Plus de trente ans après la publication de l’« Espace Public », thèse du philosophe allemand Jürgen Habermas, le concept a irrigué bien des recherches en sciences sociales particulièrement dans le domaine de la communication. Loin de vouloir en dresser le solde de tout compte, l’ouvrage collectif coordonné par Isabelle Pailliart tente de relever la pertinence et la force heuristique de la perspective tracée par l’héritier de l’Ecole de Francfort pour analyser les formes nouvelles que revêt cette sphère publique au sein d’une société conquise par la communication.

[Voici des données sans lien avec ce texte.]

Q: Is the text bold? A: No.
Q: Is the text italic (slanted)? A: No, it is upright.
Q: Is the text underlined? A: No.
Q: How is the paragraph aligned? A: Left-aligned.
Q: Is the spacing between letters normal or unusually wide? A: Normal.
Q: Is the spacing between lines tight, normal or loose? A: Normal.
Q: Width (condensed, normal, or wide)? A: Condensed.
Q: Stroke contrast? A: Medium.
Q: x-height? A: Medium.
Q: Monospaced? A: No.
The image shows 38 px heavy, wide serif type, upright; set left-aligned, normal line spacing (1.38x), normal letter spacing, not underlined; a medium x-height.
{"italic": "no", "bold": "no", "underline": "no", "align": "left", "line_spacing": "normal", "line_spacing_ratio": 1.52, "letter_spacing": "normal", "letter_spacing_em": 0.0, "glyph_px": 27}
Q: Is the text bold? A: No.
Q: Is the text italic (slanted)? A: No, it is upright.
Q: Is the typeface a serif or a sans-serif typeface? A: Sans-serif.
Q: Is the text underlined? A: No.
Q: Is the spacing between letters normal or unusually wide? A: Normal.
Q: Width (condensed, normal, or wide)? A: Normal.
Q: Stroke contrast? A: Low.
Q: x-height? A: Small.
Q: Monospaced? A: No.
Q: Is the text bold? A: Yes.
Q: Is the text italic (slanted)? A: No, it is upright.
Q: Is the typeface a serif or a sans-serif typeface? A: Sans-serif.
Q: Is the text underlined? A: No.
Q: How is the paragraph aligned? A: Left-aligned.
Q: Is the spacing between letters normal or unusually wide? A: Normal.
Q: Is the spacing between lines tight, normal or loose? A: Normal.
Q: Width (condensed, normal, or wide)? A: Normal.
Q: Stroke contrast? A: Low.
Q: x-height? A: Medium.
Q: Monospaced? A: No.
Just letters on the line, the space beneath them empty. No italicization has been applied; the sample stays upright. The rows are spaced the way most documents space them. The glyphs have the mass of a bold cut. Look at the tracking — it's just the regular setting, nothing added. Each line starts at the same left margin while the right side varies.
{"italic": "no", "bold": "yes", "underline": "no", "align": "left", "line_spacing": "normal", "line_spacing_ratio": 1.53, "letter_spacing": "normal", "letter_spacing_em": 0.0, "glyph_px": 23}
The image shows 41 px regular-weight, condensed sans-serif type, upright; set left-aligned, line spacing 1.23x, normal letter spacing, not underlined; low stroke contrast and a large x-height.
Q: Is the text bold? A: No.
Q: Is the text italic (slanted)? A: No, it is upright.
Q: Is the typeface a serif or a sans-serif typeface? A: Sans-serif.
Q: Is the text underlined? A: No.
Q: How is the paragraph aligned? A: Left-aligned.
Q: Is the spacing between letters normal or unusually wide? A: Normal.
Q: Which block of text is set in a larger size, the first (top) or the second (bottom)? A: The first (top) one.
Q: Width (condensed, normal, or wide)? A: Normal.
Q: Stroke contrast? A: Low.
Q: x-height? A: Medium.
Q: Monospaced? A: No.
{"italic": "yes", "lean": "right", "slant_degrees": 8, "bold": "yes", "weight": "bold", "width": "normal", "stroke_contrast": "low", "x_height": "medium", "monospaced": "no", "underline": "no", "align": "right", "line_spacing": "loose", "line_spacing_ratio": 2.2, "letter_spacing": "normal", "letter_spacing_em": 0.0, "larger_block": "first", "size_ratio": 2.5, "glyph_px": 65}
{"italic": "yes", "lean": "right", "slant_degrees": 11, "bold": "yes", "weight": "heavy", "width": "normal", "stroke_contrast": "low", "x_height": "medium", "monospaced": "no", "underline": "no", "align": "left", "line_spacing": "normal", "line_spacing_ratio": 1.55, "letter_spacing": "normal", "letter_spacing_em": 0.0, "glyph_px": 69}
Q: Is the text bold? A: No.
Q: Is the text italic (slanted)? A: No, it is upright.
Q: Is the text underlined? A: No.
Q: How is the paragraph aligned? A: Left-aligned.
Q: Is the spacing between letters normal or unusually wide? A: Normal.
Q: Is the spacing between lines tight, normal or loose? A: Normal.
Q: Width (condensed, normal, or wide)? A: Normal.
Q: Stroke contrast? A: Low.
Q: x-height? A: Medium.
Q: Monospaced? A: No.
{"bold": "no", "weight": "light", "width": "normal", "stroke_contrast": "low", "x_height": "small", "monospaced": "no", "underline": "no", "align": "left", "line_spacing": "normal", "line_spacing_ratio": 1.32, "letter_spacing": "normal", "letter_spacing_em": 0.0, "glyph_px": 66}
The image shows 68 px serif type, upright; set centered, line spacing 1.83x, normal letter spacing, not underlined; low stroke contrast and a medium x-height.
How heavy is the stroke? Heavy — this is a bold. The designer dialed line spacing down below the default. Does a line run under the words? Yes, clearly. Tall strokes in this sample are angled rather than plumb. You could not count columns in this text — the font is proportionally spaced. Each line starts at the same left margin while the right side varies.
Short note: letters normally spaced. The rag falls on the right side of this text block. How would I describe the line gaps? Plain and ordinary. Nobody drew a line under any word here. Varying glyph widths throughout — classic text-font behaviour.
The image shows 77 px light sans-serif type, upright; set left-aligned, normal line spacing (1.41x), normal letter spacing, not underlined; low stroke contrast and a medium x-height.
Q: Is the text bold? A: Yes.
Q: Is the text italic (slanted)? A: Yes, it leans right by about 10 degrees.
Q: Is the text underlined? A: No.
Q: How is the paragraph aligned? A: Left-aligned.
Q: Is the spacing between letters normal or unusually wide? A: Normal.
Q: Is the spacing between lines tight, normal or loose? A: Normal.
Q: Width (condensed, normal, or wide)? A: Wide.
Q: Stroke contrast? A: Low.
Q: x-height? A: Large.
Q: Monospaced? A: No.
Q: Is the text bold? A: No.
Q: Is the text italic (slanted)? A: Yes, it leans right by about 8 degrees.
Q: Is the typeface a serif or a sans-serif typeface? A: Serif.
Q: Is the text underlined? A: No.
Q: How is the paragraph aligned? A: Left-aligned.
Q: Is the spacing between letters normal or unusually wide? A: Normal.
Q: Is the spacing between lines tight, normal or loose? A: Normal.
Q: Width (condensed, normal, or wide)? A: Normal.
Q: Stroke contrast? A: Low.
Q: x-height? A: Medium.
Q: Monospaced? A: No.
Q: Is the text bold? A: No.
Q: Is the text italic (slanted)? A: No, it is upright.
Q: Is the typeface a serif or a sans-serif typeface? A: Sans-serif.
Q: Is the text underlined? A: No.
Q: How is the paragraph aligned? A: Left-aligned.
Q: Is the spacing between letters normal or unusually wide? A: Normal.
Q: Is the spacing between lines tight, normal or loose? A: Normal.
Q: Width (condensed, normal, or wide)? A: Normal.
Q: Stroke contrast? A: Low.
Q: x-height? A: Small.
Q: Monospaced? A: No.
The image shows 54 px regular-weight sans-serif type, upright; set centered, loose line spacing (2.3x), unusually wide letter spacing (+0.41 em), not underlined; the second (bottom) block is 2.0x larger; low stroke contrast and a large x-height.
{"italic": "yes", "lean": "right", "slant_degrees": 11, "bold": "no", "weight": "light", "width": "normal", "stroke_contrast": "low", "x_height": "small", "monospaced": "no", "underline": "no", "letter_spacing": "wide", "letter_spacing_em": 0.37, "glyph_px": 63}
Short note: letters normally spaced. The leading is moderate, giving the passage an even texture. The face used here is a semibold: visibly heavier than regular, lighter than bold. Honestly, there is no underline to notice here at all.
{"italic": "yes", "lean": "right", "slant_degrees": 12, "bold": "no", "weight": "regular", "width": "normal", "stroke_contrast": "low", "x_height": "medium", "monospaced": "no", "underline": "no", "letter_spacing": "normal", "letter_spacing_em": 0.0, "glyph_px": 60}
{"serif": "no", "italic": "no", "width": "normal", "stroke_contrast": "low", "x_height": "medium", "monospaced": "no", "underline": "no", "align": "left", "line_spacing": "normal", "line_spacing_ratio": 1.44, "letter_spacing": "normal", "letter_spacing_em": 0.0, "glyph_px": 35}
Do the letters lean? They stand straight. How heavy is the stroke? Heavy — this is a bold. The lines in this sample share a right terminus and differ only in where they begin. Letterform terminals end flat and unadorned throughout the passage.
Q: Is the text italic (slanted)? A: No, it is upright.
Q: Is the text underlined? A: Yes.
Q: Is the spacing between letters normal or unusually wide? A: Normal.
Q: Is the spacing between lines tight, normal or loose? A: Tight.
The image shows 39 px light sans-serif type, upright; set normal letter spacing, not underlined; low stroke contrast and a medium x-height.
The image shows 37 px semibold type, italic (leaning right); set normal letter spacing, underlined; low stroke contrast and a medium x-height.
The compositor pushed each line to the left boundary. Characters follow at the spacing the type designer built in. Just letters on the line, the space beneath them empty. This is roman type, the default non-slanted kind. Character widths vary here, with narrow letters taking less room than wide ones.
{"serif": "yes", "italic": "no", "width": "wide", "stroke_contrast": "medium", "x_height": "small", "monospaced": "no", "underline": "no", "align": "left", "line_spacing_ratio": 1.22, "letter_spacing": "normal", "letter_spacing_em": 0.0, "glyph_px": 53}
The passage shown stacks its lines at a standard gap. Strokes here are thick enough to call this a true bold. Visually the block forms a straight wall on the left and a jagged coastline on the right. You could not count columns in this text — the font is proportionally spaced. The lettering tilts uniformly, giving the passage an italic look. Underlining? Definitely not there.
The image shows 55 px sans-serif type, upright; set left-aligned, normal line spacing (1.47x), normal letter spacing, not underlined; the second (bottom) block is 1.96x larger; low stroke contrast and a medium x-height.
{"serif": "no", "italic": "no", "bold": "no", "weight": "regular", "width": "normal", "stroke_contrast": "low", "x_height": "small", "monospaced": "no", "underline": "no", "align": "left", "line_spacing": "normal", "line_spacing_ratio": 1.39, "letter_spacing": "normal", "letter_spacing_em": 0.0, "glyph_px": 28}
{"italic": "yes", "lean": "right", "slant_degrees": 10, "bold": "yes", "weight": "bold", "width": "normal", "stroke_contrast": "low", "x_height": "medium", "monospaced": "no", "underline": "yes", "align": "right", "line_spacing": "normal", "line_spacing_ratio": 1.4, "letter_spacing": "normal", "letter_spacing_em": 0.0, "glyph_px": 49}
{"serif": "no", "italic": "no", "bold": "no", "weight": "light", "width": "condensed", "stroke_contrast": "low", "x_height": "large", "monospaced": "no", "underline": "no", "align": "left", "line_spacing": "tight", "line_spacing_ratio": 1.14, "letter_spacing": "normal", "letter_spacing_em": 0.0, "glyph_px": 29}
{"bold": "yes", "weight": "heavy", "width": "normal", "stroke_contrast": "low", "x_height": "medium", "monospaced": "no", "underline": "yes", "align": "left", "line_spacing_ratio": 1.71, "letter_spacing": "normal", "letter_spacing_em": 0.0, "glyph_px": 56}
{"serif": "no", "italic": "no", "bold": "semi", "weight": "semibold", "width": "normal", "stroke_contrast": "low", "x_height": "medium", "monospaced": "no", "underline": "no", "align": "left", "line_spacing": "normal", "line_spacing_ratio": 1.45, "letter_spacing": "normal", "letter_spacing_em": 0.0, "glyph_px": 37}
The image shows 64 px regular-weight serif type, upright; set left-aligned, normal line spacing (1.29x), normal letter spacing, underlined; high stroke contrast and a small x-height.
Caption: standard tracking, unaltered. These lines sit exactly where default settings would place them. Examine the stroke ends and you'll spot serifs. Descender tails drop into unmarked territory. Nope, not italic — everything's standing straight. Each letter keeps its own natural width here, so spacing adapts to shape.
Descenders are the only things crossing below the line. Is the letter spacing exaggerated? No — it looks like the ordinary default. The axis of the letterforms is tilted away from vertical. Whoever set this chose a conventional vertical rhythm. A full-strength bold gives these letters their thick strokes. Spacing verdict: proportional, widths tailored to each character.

Réfutant le constat d’un dépérissement de cet espace public à travers une revue critique des nombreux travaux empiriques que ce concept a suscités, les auteurs de cet ouvrage à plusieurs mains s’attachent à cerner les formes de sa recomposition dans le souci d’offrir un cadre d’analyse réactualisé à certaines questions manifestement contemporaines : la logique marchande des médias, le développement du marketing politique, la redéfinition des frontières entre espace privé et espace public, la communication d’entreprise comme technique d’ingénierie sociale, la faible participation des femmes à la vie publique, les métamorphoses de la représentation politique ainsi que l’ébranlement du projet pédagogique à l’épreuve des médias.

Parmi les différentes signatures, citons celle de Bernard Miège pour une introduction magistrale à la recherche sur les médiations sociales dans l’espace public. Relevons également la contribution de Patrick Champagne sur le rôle des sondages pour une interrogation salutaire sur la construction sociale des faits statistiques et sur la construction statistique des faits sociaux.